EXERCISE INSTRUCTIONS ▸ Output each entry below as it stands, leaving out every picture.

◆ ◆ ◆ ◆

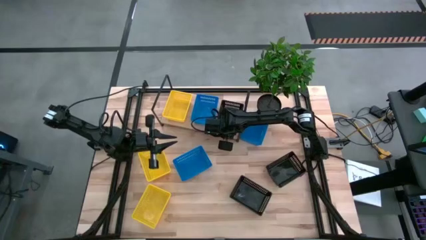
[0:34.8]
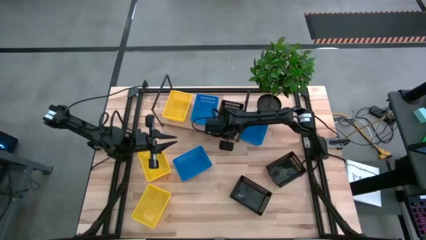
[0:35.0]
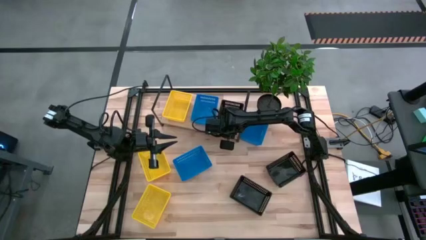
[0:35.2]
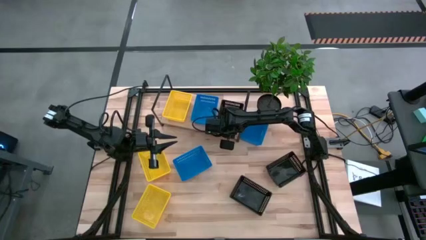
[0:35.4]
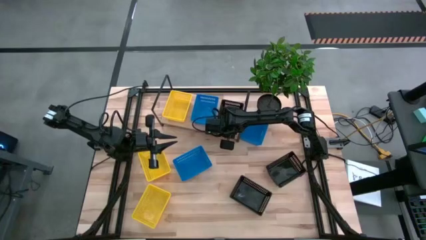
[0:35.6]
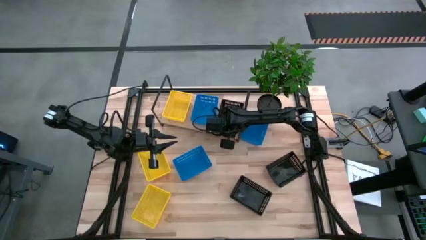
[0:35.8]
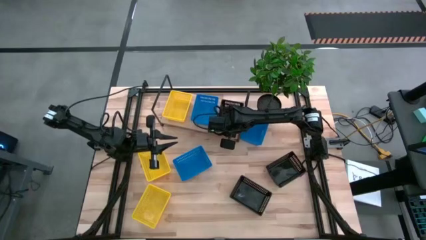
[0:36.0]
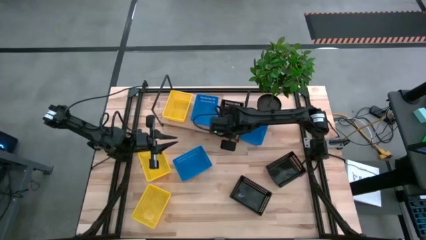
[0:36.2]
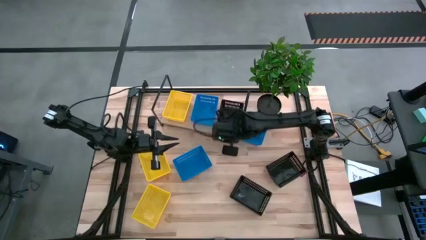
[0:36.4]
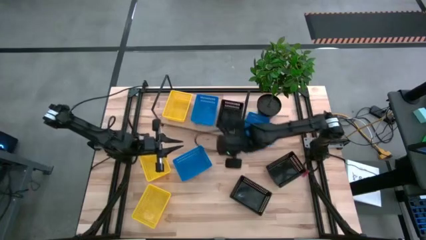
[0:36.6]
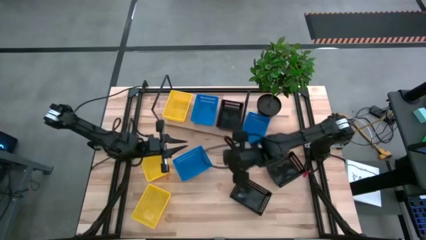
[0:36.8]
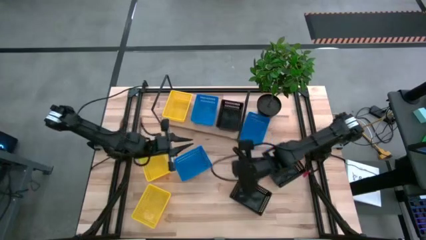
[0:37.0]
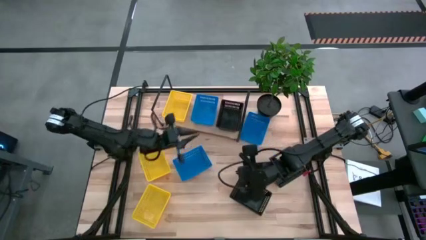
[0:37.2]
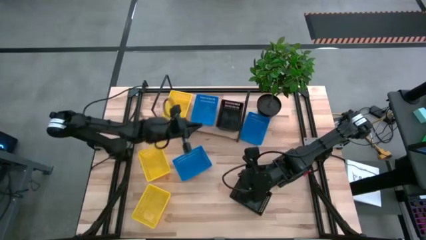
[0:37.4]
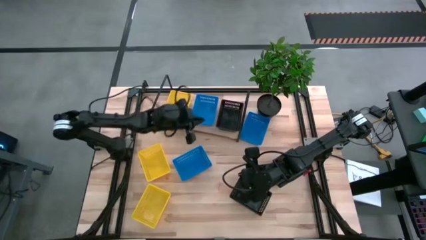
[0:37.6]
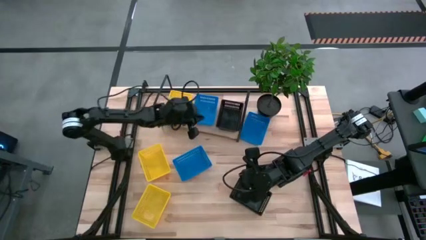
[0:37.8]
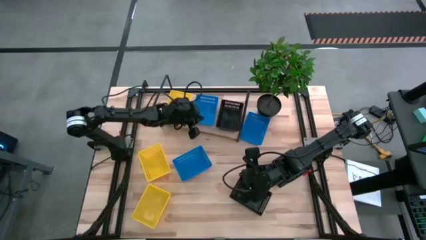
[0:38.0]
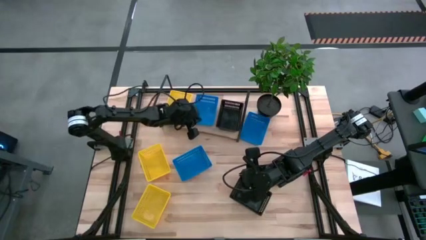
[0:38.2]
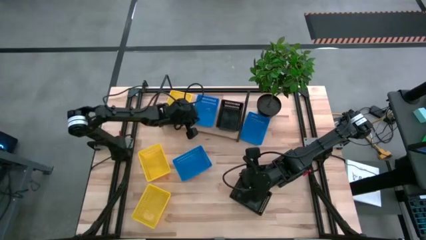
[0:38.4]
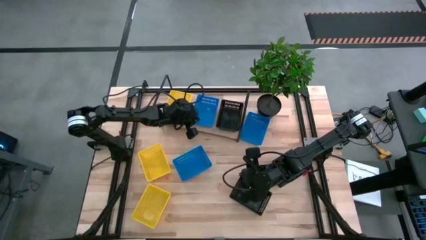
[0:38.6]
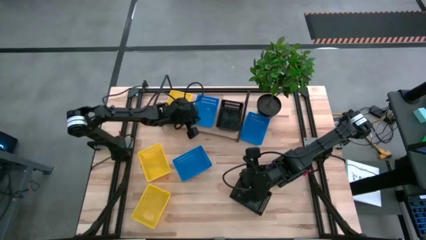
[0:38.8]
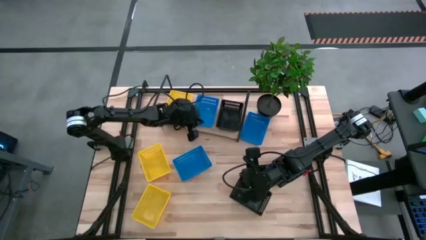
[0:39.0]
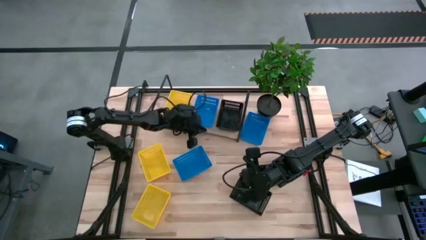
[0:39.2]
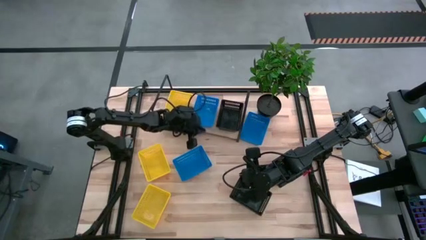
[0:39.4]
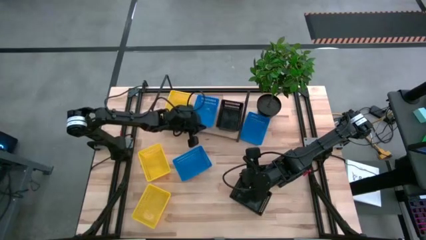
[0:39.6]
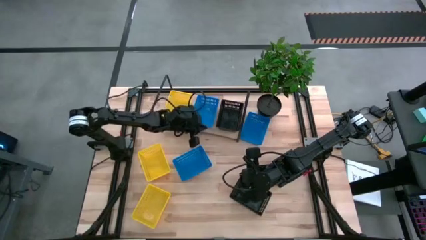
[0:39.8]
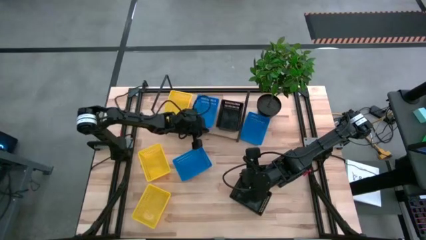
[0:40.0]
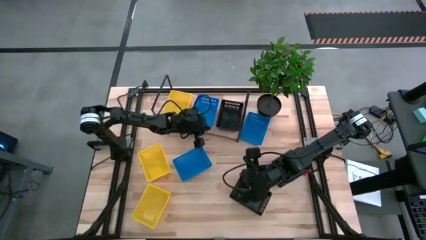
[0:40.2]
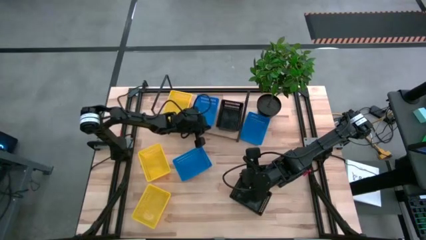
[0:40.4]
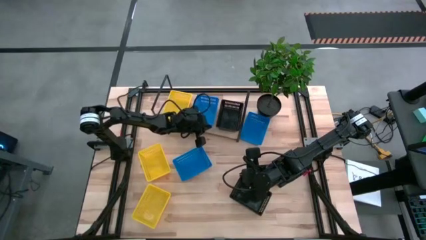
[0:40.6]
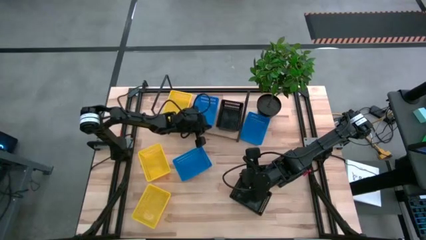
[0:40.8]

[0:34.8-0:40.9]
Task: Stack baskets on shelf by color
Adjust the blue basket on the shelf

◆ ◆ ◆ ◆

SOLUTION TO THE EXERCISE ▸
[0:34.8]
[0:35.0]
[0:35.2]
[0:35.4]
[0:35.6]
[0:35.8]
[0:36.0]
[0:36.2]
[0:36.4]
[0:36.6]
[0:36.8]
[0:37.0]
[0:37.2]
[0:37.4]
[0:37.6]
[0:37.8]
[0:38.0]
[0:38.2]
[0:38.4]
[0:38.6]
[0:38.8]
[0:39.0]
[0:39.2]
[0:39.4]
[0:39.6]
[0:39.8]
[0:40.0]
[0:40.2]
[0:40.4]
[0:40.6]
[0:40.8]

[0:34.8-0:40.9]
Task: Stack baskets on shelf by color
Adjust the blue basket on the shelf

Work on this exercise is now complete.